Stored items from a collection
+ + +

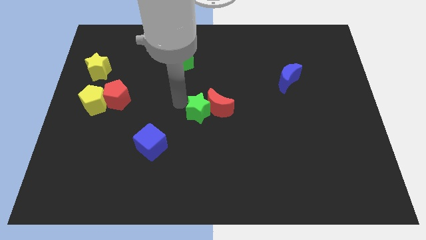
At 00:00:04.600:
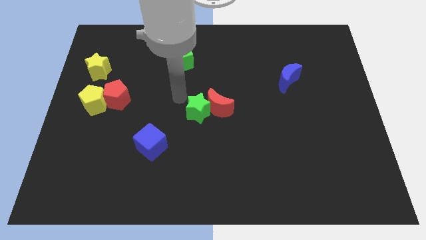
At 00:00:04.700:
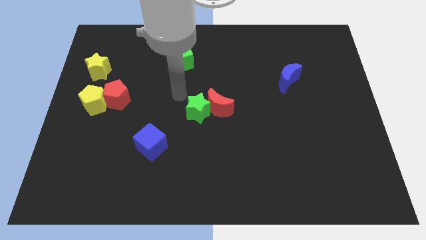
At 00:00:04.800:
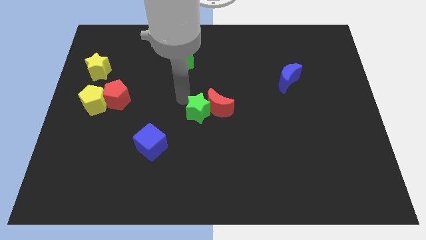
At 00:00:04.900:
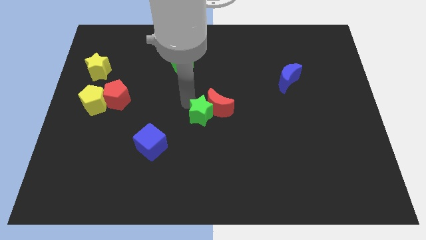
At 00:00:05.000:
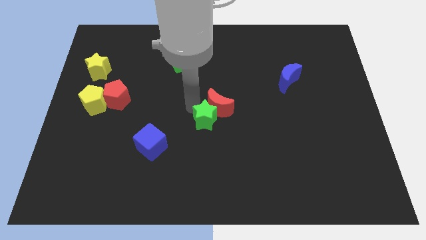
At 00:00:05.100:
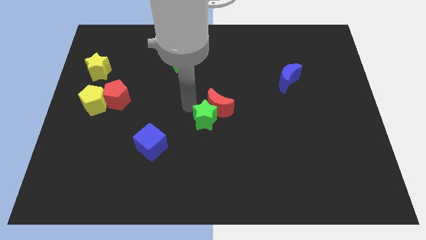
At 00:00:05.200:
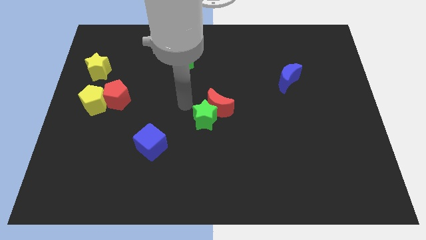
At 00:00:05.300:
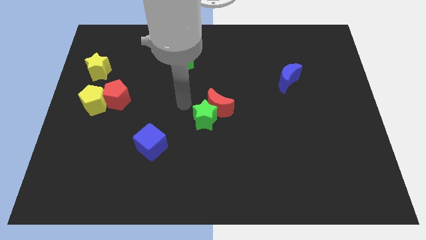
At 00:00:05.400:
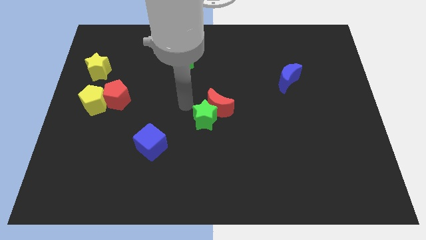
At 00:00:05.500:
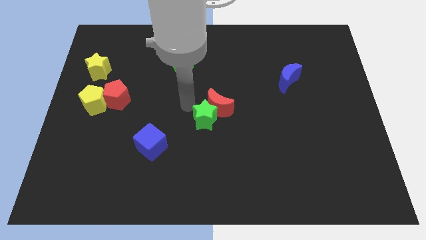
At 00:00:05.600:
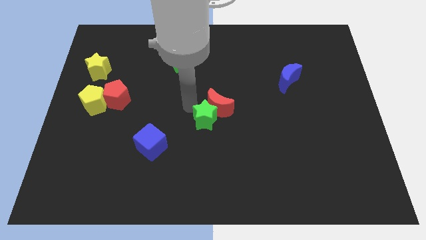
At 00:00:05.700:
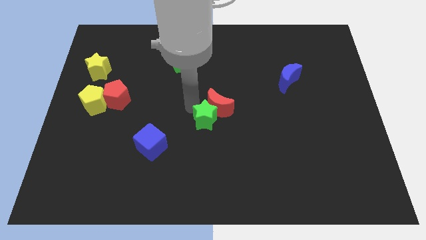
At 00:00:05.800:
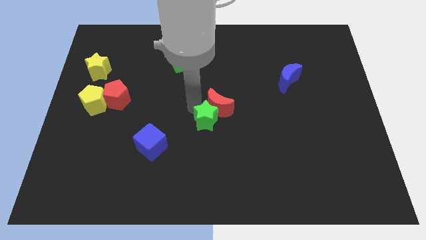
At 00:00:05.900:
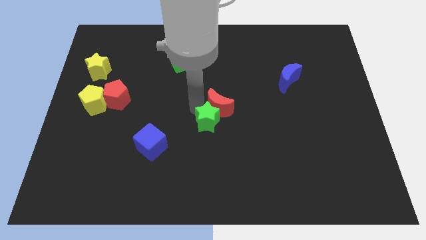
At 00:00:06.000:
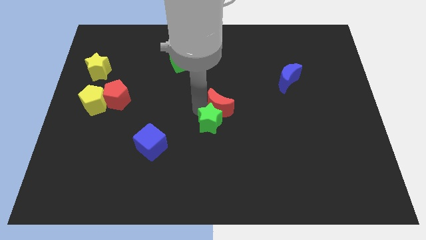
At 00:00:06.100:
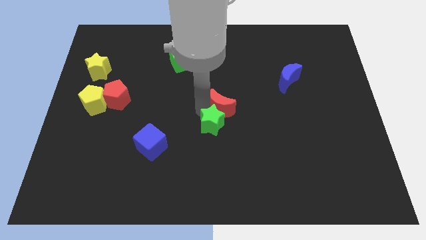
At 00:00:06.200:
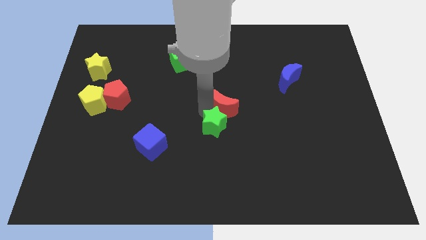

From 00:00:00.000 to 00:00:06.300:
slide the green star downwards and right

+ + +

Please output all of the data exactly as given, omitting any images it holds.

At 00:00:04.600:
At 00:00:04.700:
At 00:00:04.800:
At 00:00:04.900:
At 00:00:05.000:
At 00:00:05.100:
At 00:00:05.200:
At 00:00:05.300:
At 00:00:05.400:
At 00:00:05.500:
At 00:00:05.600:
At 00:00:05.700:
At 00:00:05.800:
At 00:00:05.900:
At 00:00:06.000:
At 00:00:06.100:
At 00:00:06.200:

From 00:00:00.000 to 00:00:06.300:
slide the green star downwards and right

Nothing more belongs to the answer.